=== Records ===
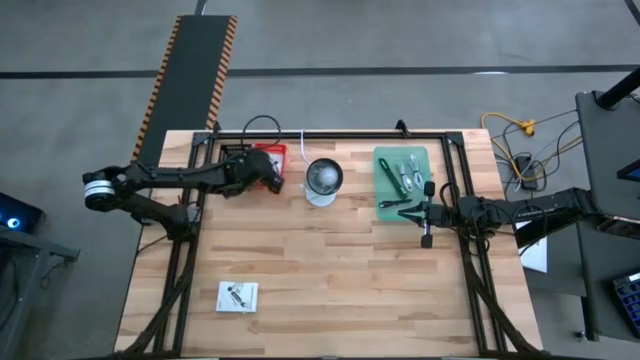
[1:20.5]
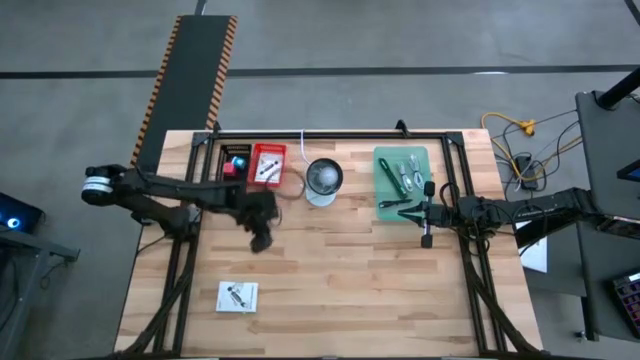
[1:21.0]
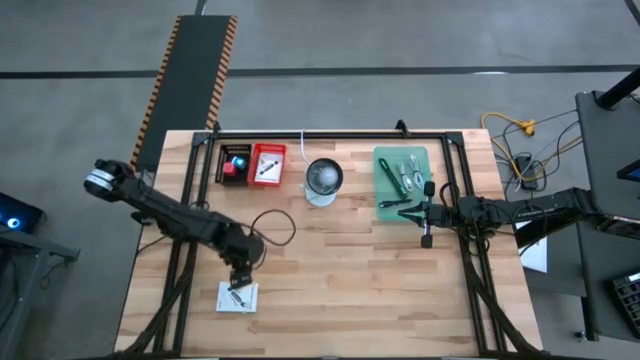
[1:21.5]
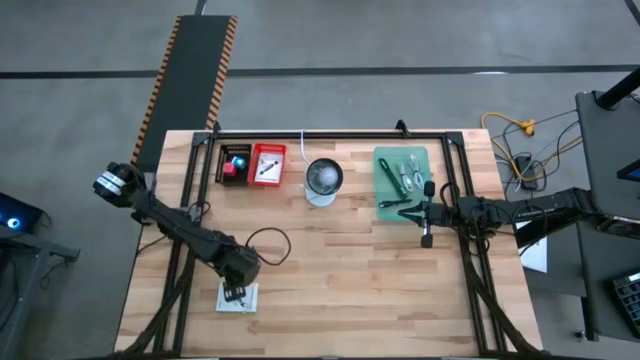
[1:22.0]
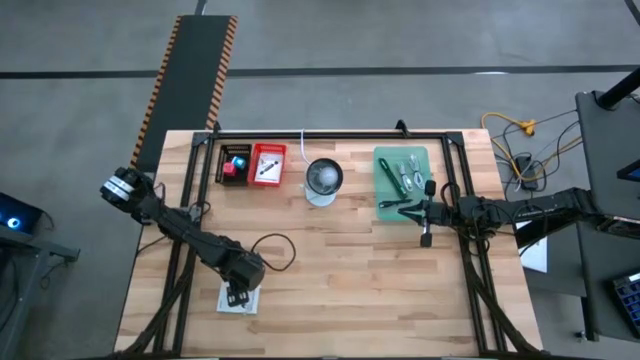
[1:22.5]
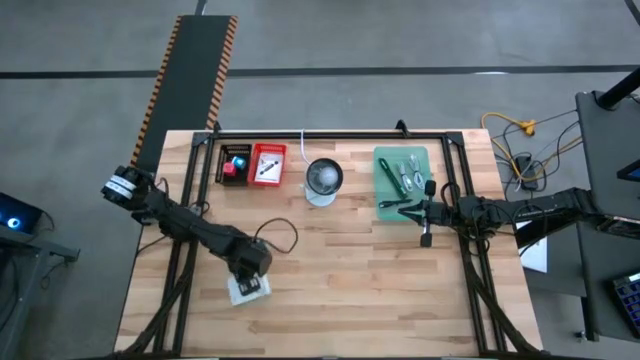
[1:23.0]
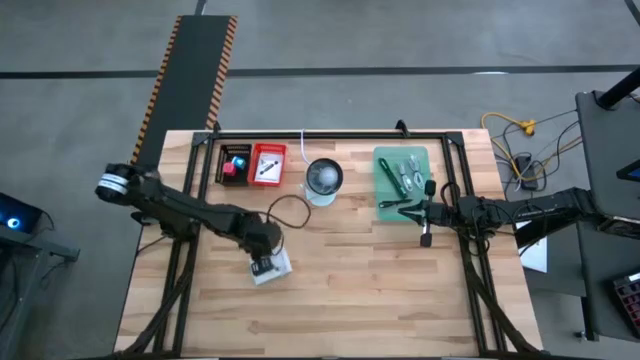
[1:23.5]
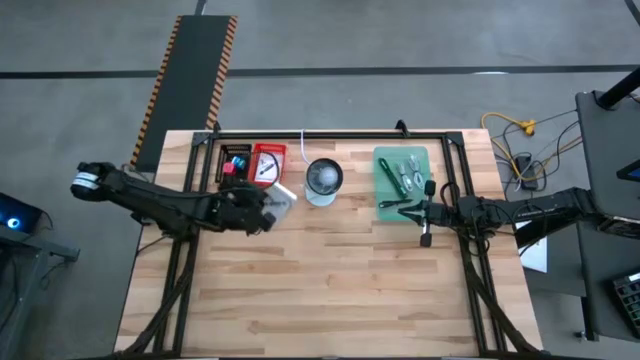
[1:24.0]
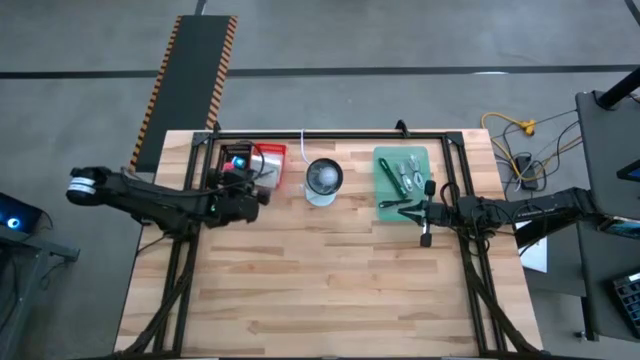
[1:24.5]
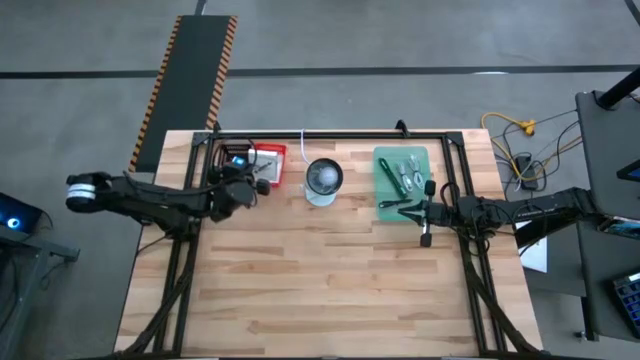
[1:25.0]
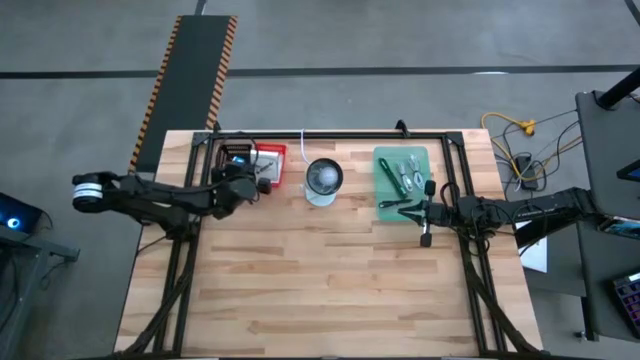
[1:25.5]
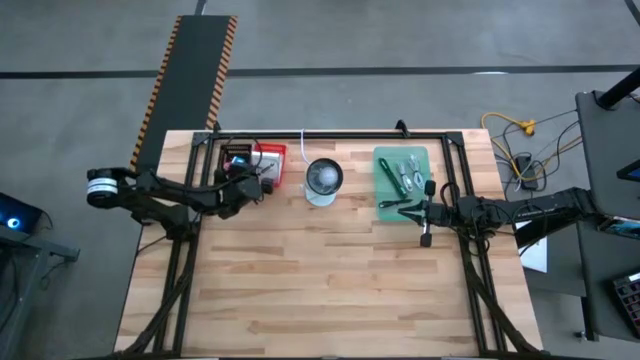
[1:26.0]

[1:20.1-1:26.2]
Put the white card reader box into the red bin
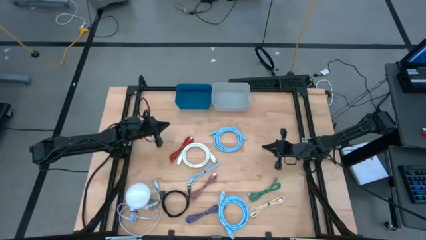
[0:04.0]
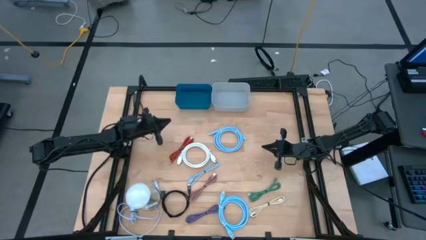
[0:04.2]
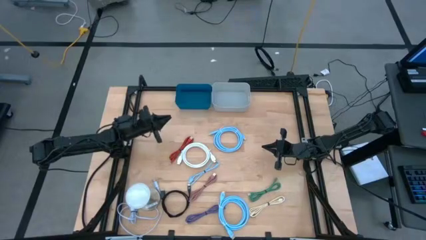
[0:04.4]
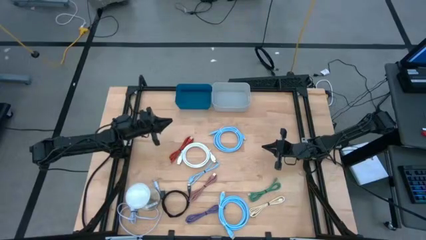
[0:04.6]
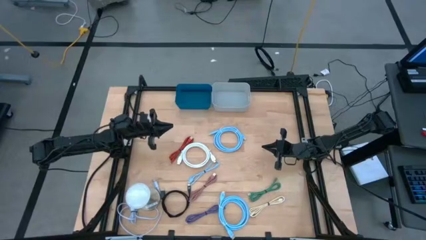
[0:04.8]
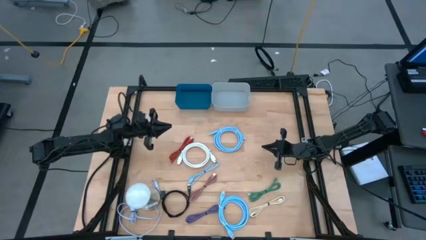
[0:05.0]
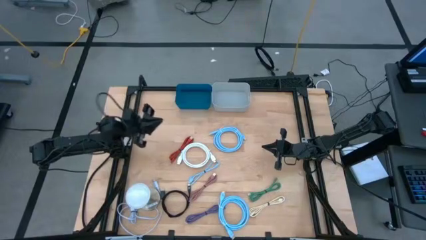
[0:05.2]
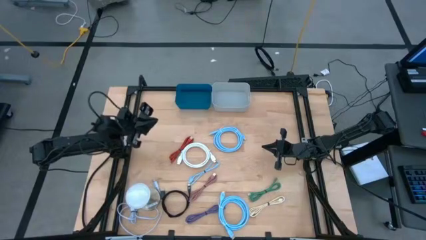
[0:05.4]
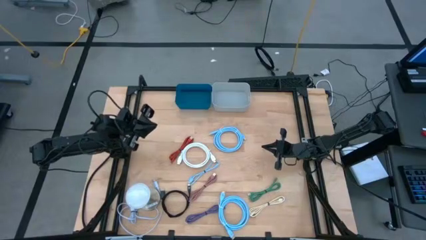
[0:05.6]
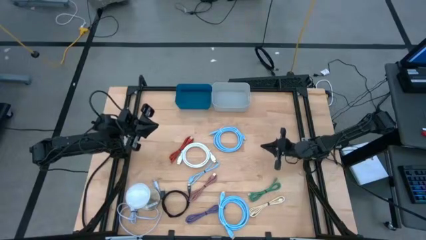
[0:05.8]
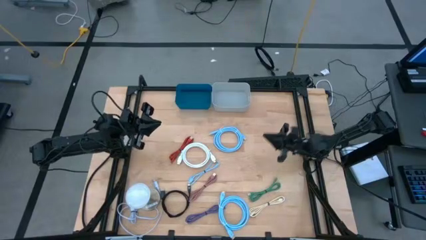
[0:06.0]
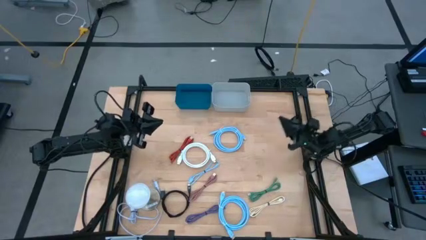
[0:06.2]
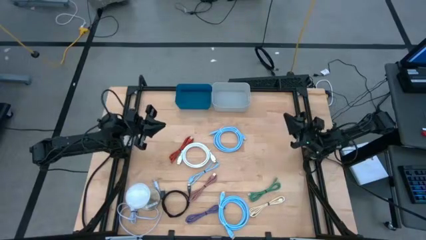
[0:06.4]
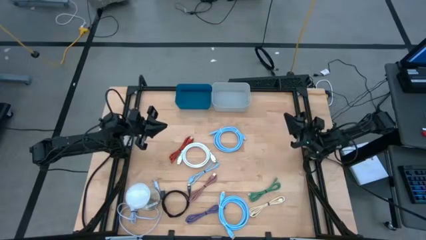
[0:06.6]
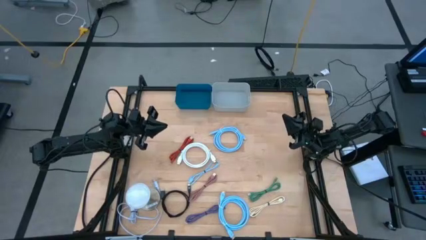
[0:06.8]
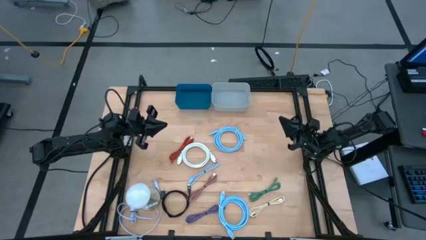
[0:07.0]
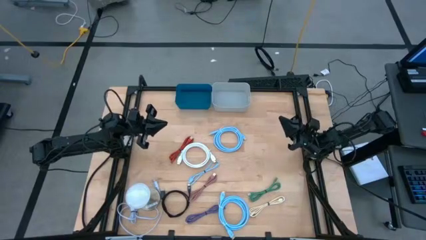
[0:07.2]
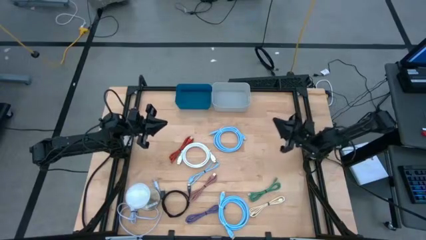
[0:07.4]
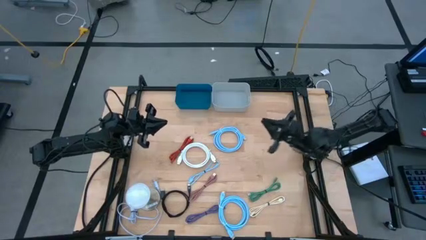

=== Exercise objective ===
Although the records contain pictures, only the text should be copied, exactly as it stands.

=== Response to this task ===
[1:20.5]
[1:21.0]
[1:21.5]
[1:22.0]
[1:22.5]
[1:23.0]
[1:23.5]
[1:24.0]
[1:24.5]
[1:25.0]
[1:25.5]
[1:26.0]

[1:20.1-1:26.2]
Put the white card reader box into the red bin
[0:04.0]
[0:04.2]
[0:04.4]
[0:04.6]
[0:04.8]
[0:05.0]
[0:05.2]
[0:05.4]
[0:05.6]
[0:05.8]
[0:06.0]
[0:06.2]
[0:06.4]
[0:06.6]
[0:06.8]
[0:07.0]
[0:07.2]
[0:07.4]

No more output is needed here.